### Task objective:
Gather up every line from the entries below that uses the word "CDCCCC".

Data extracted from a collection

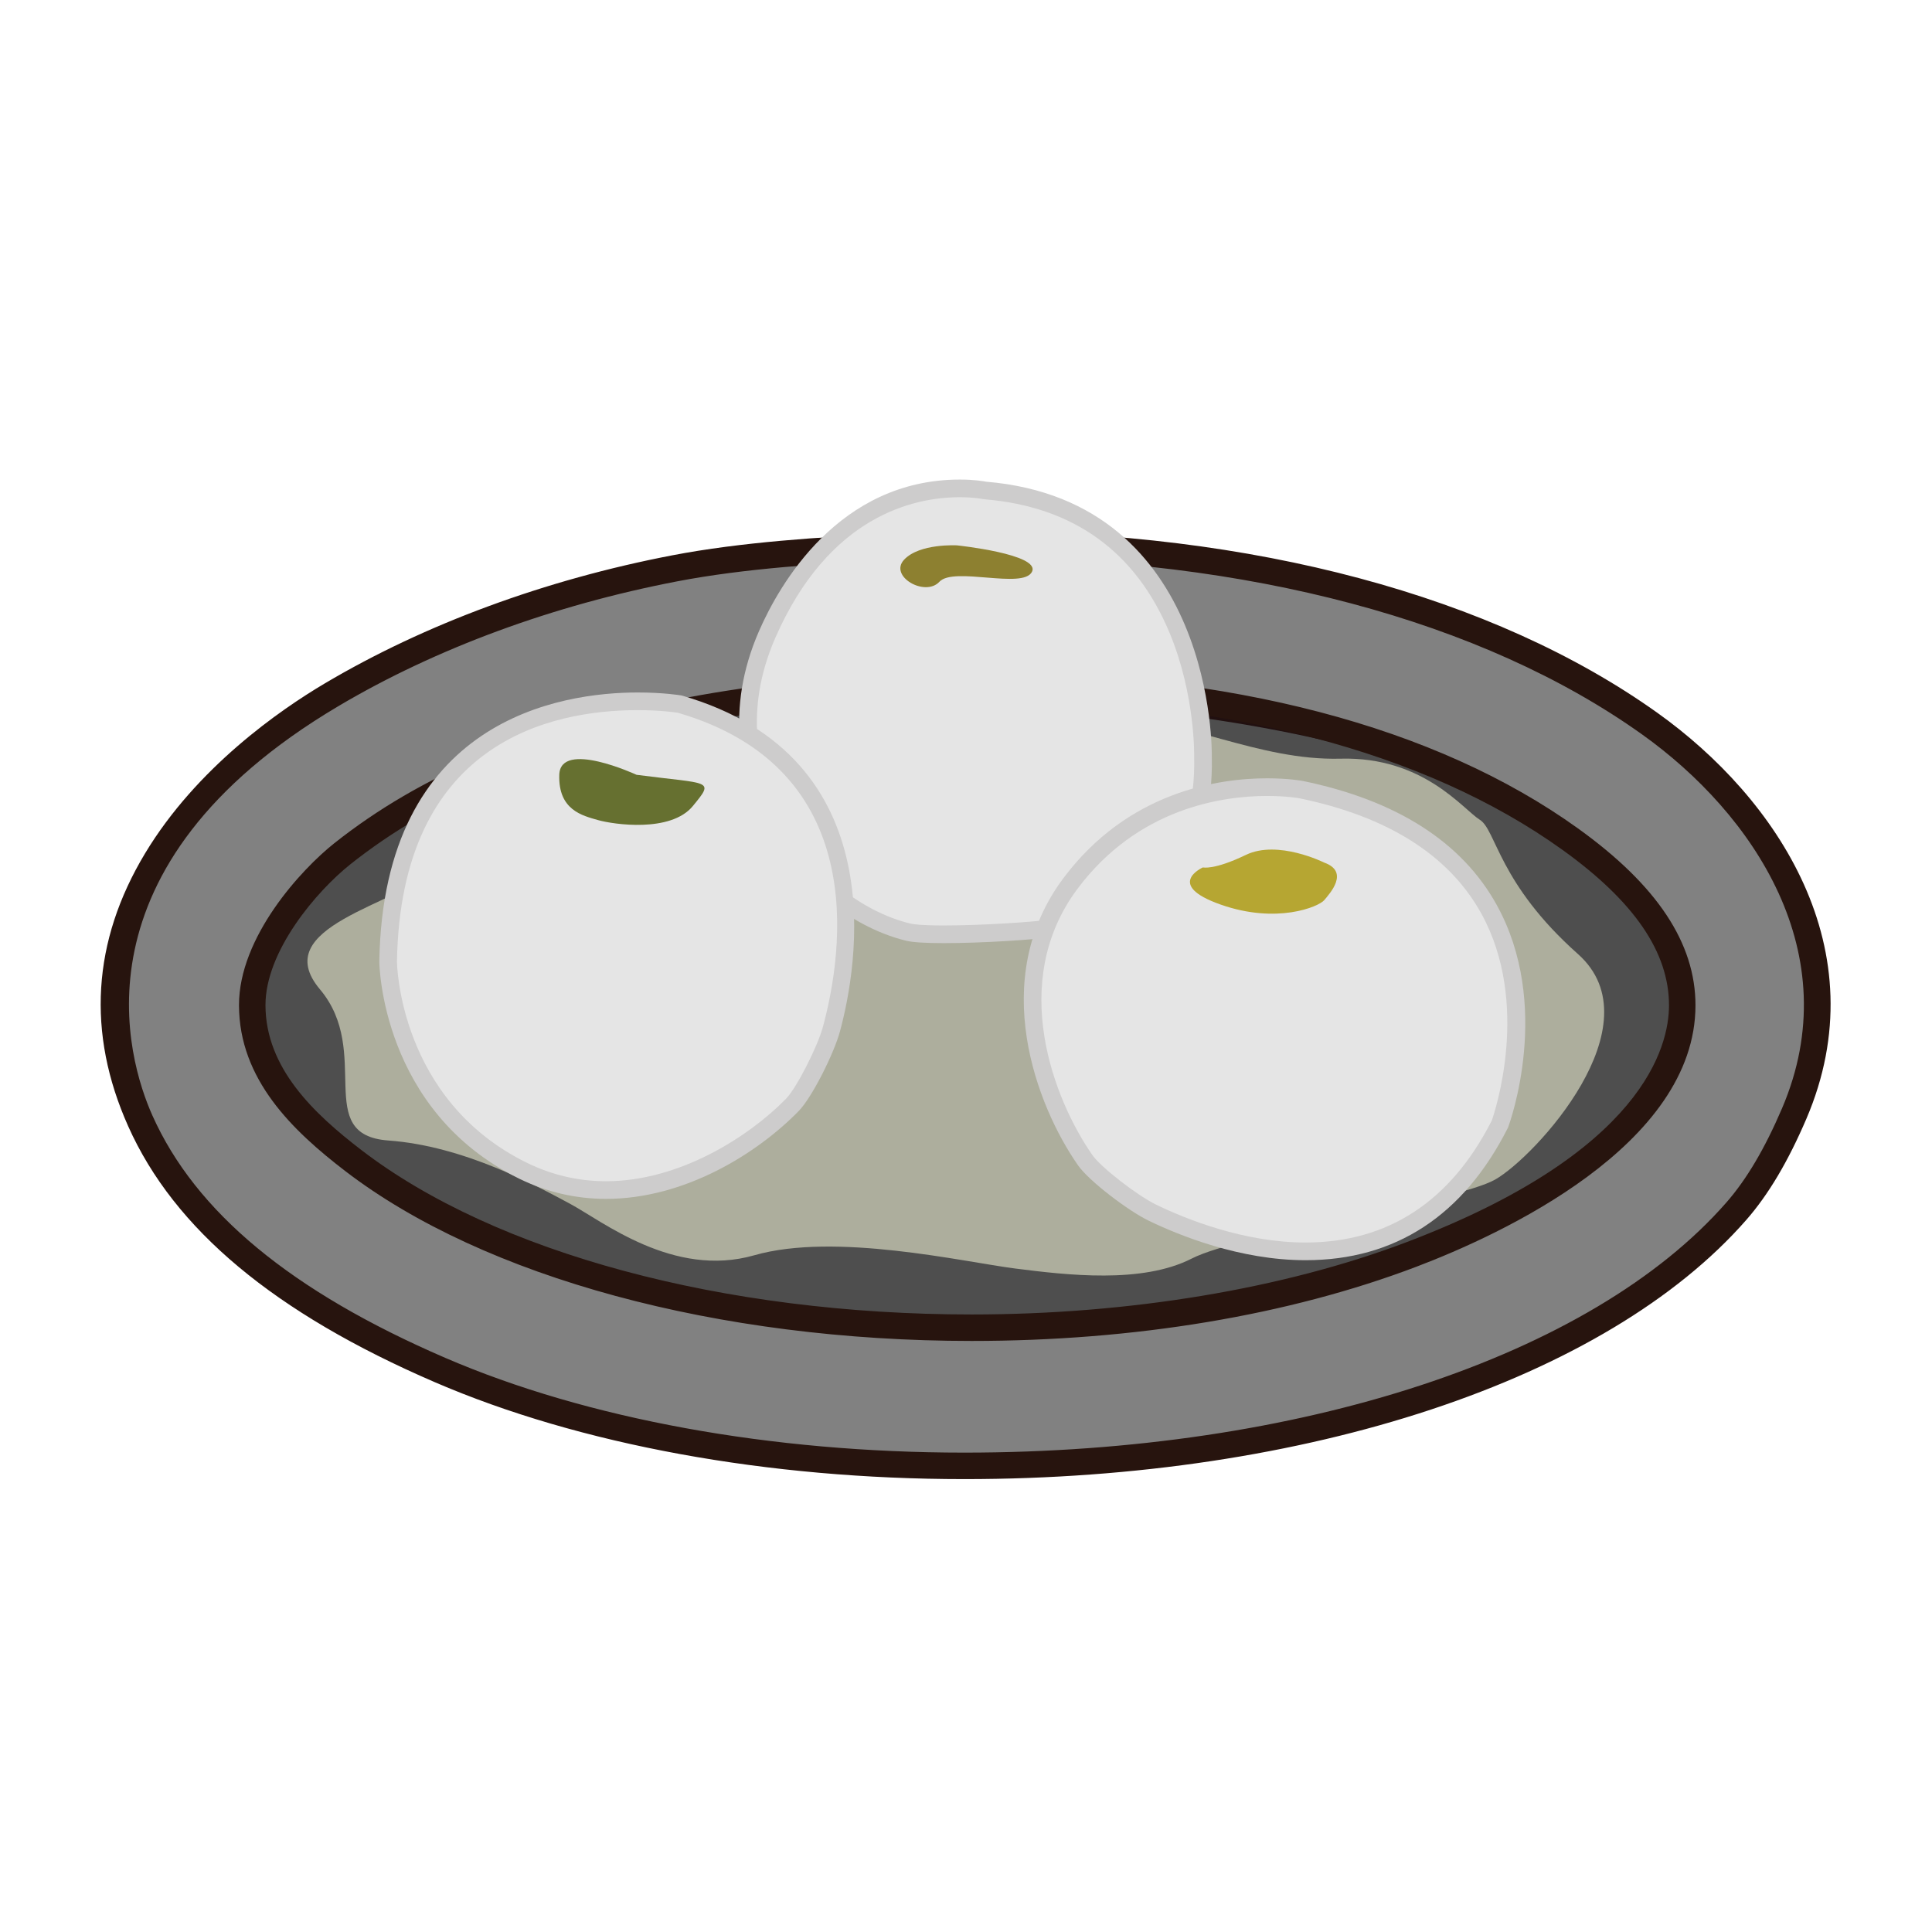 <?xml version="1.0" encoding="utf-8"?>
<!-- Generator: Adobe Illustrator 16.0.0, SVG Export Plug-In . SVG Version: 6.00 Build 0)  -->
<!DOCTYPE svg PUBLIC "-//W3C//DTD SVG 1.1//EN" "http://www.w3.org/Graphics/SVG/1.1/DTD/svg11.dtd">
<svg version="1.1" id="Layer_1" xmlns="http://www.w3.org/2000/svg" xmlns:xlink="http://www.w3.org/1999/xlink" x="0px" y="0px"
	 width="500px" height="500px" viewBox="0 0 500 500" enable-background="new 0 0 500 500" xml:space="preserve">
<g id="Layer_1_copy_55">
	<g>
		<path fill="#4E4E4E" d="M453.286,268.246c0,49.807-91.723,90.179-204.864,90.179c-113.145,0-204.863-40.372-204.863-90.179
			c0-49.807,91.719-90.182,204.863-90.182C361.562,178.063,453.286,218.438,453.286,268.246z"/>
		<path fill="#211010" d="M248.422,361.852c-55.188,0-107.123-9.481-146.245-26.701c-40.009-17.615-62.045-41.375-62.045-66.904
			c0-25.532,22.036-49.291,62.045-66.904c39.122-17.222,91.057-26.705,146.245-26.705c55.187,0,107.12,9.483,146.242,26.705
			c40.009,17.613,62.049,41.373,62.049,66.904c0,25.529-22.04,49.289-62.049,66.904C355.542,352.37,303.607,361.852,248.422,361.852
			z M248.422,181.491c-111.074,0-201.437,38.918-201.437,86.755c0,47.835,90.362,86.752,201.437,86.752
			c111.071,0,201.438-38.917,201.438-86.752C449.858,220.409,359.493,181.491,248.422,181.491z"/>
	</g>
	<g>
		<path fill="#818181" d="M231.628,141.479c78.894-3.758,149.108,12.813,195.323,45.792c26.079,18.611,56.558,56.15,37.382,100.935
			c-3.633,8.485-8.495,17.849-14.953,25.233c-61.157,69.916-233.305,85.223-335.507,41.117
			c-35.092-15.143-64.548-35.346-77.568-64.483c-23.084-51.662,17.692-91.416,49.53-110.278
			c24.284-14.383,54.383-26.105,88.786-32.708C191.946,143.758,211.761,142.425,231.628,141.479z M175.552,184.467
			c-34.348,6.876-63.284,17.723-86.912,36.448c-9.131,7.24-23.398,23.734-23.363,39.251c0.043,18.289,14.256,31.047,26.168,40.188
			c61.79,47.41,189.327,56.366,273.825,24.297c25.869-9.814,70.093-32.041,70.093-64.483c0-18.675-14.917-32.891-28.973-42.988
			c-42.883-30.815-106.098-42.477-173.824-39.252C211.729,178.919,193.349,180.906,175.552,184.467z"/>
		<path fill="#27140E" d="M249.562,382.792c-50.887,0-99.559-8.911-137.046-25.089c-41.471-17.896-67.425-39.561-79.341-66.234
			c-10.782-24.128-9.313-47.881,4.361-70.602c13.387-22.236,34.911-37.125,46.556-44.021c25.938-15.362,57.02-26.818,89.88-33.126
			c17.804-3.42,38.152-4.744,57.491-5.665c7.353-0.351,14.757-0.527,21.994-0.527c70.729,0,133.051,16.676,175.48,46.954
			c30.933,22.072,57.303,61.266,38.547,105.075c-4.744,11.065-9.822,19.617-15.526,26.137
			C415.756,357.087,338.204,382.792,249.562,382.792z M253.458,144.382c-7.133,0-14.422,0.175-21.67,0.519
			c-19.084,0.909-39.141,2.211-56.521,5.55c-32.098,6.163-62.416,17.328-87.682,32.292c-70.053,41.5-54.566,91.571-48.151,105.928
			c11.182,25.03,35.977,45.556,75.796,62.741c36.654,15.818,84.357,24.525,134.333,24.525c86.722,0,162.298-24.808,197.239-64.752
			c5.227-5.978,9.929-13.932,14.38-24.33c17.157-40.066-7.464-76.272-36.223-96.795
			C383.682,160.604,322.773,144.382,253.458,144.382z M251.477,347.036h-0.004c-65.634,0-126.237-16.435-162.115-43.962
			c-13.577-10.42-27.465-23.661-27.508-42.897c-0.042-17.675,16.112-35.166,24.66-41.946c22.384-17.739,50.461-29.536,88.37-37.123
			c17.289-3.461,35.567-5.56,57.521-6.605c7.279-0.346,14.566-0.522,21.66-0.522c64.168,0,117.534,13.976,154.326,40.416
			c20.457,14.697,30.4,29.668,30.4,45.771c0,36.328-50.562,59.439-72.303,67.689C333.424,340.404,293.654,347.036,251.477,347.036z
			 M254.061,180.833c-6.98,0-14.163,0.174-21.334,0.515c-21.601,1.03-39.554,3.089-56.499,6.479
			c-36.805,7.369-63.959,18.735-85.457,35.775c-8.889,7.047-22.102,22.601-22.065,36.555c0.035,16.274,12.57,28.075,24.824,37.479
			c34.721,26.644,93.766,42.548,157.944,42.548c40.767,0,80.749-6.65,112.581-18.729c61.267-23.255,67.881-50.604,67.881-61.287
			c0-13.734-9.01-26.885-27.544-40.205C368.769,194.365,316.784,180.833,254.061,180.833z"/>
	</g>
	<g opacity="0.62">
		<g>
			<path fill="#E6E8CD" d="M226.445,180.154c0,0-101.977,34.763-112.808,44.411c-10.832,9.65-44.551,15.187-30.843,31.467
				c13.708,16.278-1.999,37.698,17.705,39.127c19.706,1.428,38.27,11.709,46.837,16.276c8.567,4.572,26.943,19.422,47.886,13.426
				c20.941-5.996,54.071,1.709,67.493,3.429c13.424,1.71,32.842,3.997,45.694-2.57c12.853-6.571,68.257-14.625,78.538-20.45
				c10.281-5.824,41.98-40.097,21.417-58.375c-20.562-18.278-21.132-32.105-25.417-34.759c-4.282-2.654-14.563-16.361-35.983-15.792
				c-21.42,0.572-40.838-10.565-58.546-10.281C270.714,186.348,239.013,168.818,226.445,180.154z"/>
		</g>
	</g>
	<g>
		<g>
			<path fill="#E5E5E5" d="M254.932,126.933c0,0-36.625-7.965-56.396,37.279c-16.326,37.355,11.103,70.803,36.487,77.021
				c5.359,1.314,29.98,0.062,37.663-1.062c20.056-2.949,39.353-12.853,38.647-44.417
				C311.333,195.754,312.951,131.713,254.932,126.933z"/>
		</g>
		<g>
			<path fill="#CDCCCC" d="M244.271,244.08c-0.004,0,0,0-0.004,0c-4.861,0-8.065-0.207-9.789-0.626
				c-14.973-3.669-29.571-15.995-37.192-31.404c-5.366-10.848-9.867-28.112-0.845-48.752c5.15-11.783,20.522-39.189,51.984-39.189
				c3.683,0,6.179,0.433,6.827,0.559c59.354,4.985,58.38,70.483,58.363,71.144c0.603,26.851-13.061,42.572-40.6,46.621
				C267.699,243.208,254.275,244.08,244.271,244.08z M248.426,128.678c-11.903,0-33.938,4.736-47.798,36.448
				c-8.314,19.03-4.18,34.921,0.754,44.899c7.051,14.25,20.463,25.628,34.185,28.987c0.757,0.19,2.896,0.498,8.701,0.498h0.004
				c9.658,0,23.028-0.858,28.083-1.599c25.236-3.708,37.24-17.482,36.693-42.106c0.003-0.264,0.302-15.951-6.326-31.931
				c-8.748-21.099-24.89-32.762-47.978-34.664l-0.298-0.044C254.428,129.163,252.111,128.678,248.426,128.678z"/>
		</g>
	</g>
	<g>
		<g>
			<path fill="#E5E5E5" d="M336.71,204.349c0,0-36.362-6.854-59.667,24.275c-18.814,25.133-6.578,56.783,3.816,71.646
				c2.48,3.551,12.25,11.086,17.395,13.576c21.397,10.354,66.396,23.545,89.927-22.96
				C388.181,290.886,414.302,220.342,336.71,204.349z"/>
		</g>
		<g>
			<path fill="#CDCCCC" d="M337.854,326.139L337.854,326.139c-16.928,0-32.699-6.416-40.596-10.234
				c-5.223-2.529-15.4-10.223-18.27-14.324c-10.659-15.241-23.447-48.045-3.773-74.323c16.824-22.477,40.246-25.832,52.712-25.832
				c5.533,0,9.06,0.652,9.206,0.678c24.297,5.008,41.166,15.78,50.18,32.027c14.419,25.994,3.482,56.271,3.012,57.55l-0.103,0.234
				C378.731,314.619,361.112,326.139,337.854,326.139z M327.927,205.994c-11.61,0-33.421,3.119-49.052,24
				c-18.111,24.189-6.098,54.732,3.859,68.972c2.19,3.14,11.606,10.444,16.516,12.823c7.542,3.648,22.59,9.775,38.604,9.775
				c21.353,0,37.575-10.627,48.225-31.582c0.711-2.024,10.208-30.287-2.778-53.667c-8.342-15.01-24.169-25.013-47.051-29.729l0,0
				C336.245,206.586,332.988,205.994,327.927,205.994z"/>
		</g>
	</g>
	<g>
		<g>
			<path fill="#E5E5E5" d="M100.447,248.863c0,0,0.013,37.003,34.928,54.125c28.186,13.824,57.017-4.076,69.696-17.051
				c3.023-3.092,8.616-14.095,10.104-19.608c6.209-22.947,10.818-69.611-39.249-84.104
				C175.926,182.226,101.765,169.652,100.447,248.863z"/>
		</g>
		<g>
			<path fill="#CDCCCC" d="M156.841,310.268h-0.003c-7.837,0-15.396-1.763-22.469-5.229c-35.779-17.548-36.205-55.79-36.205-56.176
				c1.042-62.868,47.132-69.651,66.897-69.651c6.67,0,11.061,0.73,11.244,0.762l0.255,0.058
				c55.35,16.022,45.239,70.562,40.822,86.894c-1.514,5.602-7.178,17.028-10.681,20.612
				C195.966,298.525,177.229,310.268,156.841,310.268z M165.062,183.781c-22.875,0-61.391,8.459-62.327,65.122
				c0,0.314,0.478,35.771,33.646,52.035c6.441,3.158,13.325,4.765,20.457,4.765c18.992,0,36.97-11.507,46.599-21.361
				c2.676-2.739,8.111-13.348,9.537-18.606c5.301-19.615,12.249-66.77-37.546-81.274C174.7,184.348,170.729,183.781,165.062,183.781
				z"/>
		</g>
	</g>
	<g>
		<path fill="#B6A632" d="M342.716,223.243c0,0-11.994-5.999-20.276-1.999c-8.282,3.997-11.137,3.243-11.137,3.243
			s-9.992,4.467,4.57,9.606c14.562,5.14,25.414,0.573,26.843-1.141C344.145,231.239,349.334,225.63,342.716,223.243z"/>
	</g>
	<g>
		<path fill="#8D8030" d="M267.066,147.994c-2.322,4.57-20.236-1.428-23.953,2.57c-3.708,3.999-13.134-1.428-9.134-5.712
			c3.997-4.284,13.708-3.712,13.708-3.712S269.391,143.426,267.066,147.994z"/>
	</g>
	<g>
		<path fill="#667030" d="M164.733,200.518c0,0-19.706-9.139-19.991,0c-0.288,9.139,5.995,10.567,9.992,11.711
			c4.001,1.142,18.852,3.332,24.565-3.617C185.007,201.659,183.874,203.019,164.733,200.518z"/>
	</g>
</g>
</svg>

### Answer for this exercise:
			<path fill="#CDCCCC" d="M244.271,244.08c-0.004,0,0,0-0.004,0c-4.861,0-8.065-0.207-9.789-0.626
			<path fill="#CDCCCC" d="M337.854,326.139L337.854,326.139c-16.928,0-32.699-6.416-40.596-10.234
			<path fill="#CDCCCC" d="M156.841,310.268h-0.003c-7.837,0-15.396-1.763-22.469-5.229c-35.779-17.548-36.205-55.79-36.205-56.176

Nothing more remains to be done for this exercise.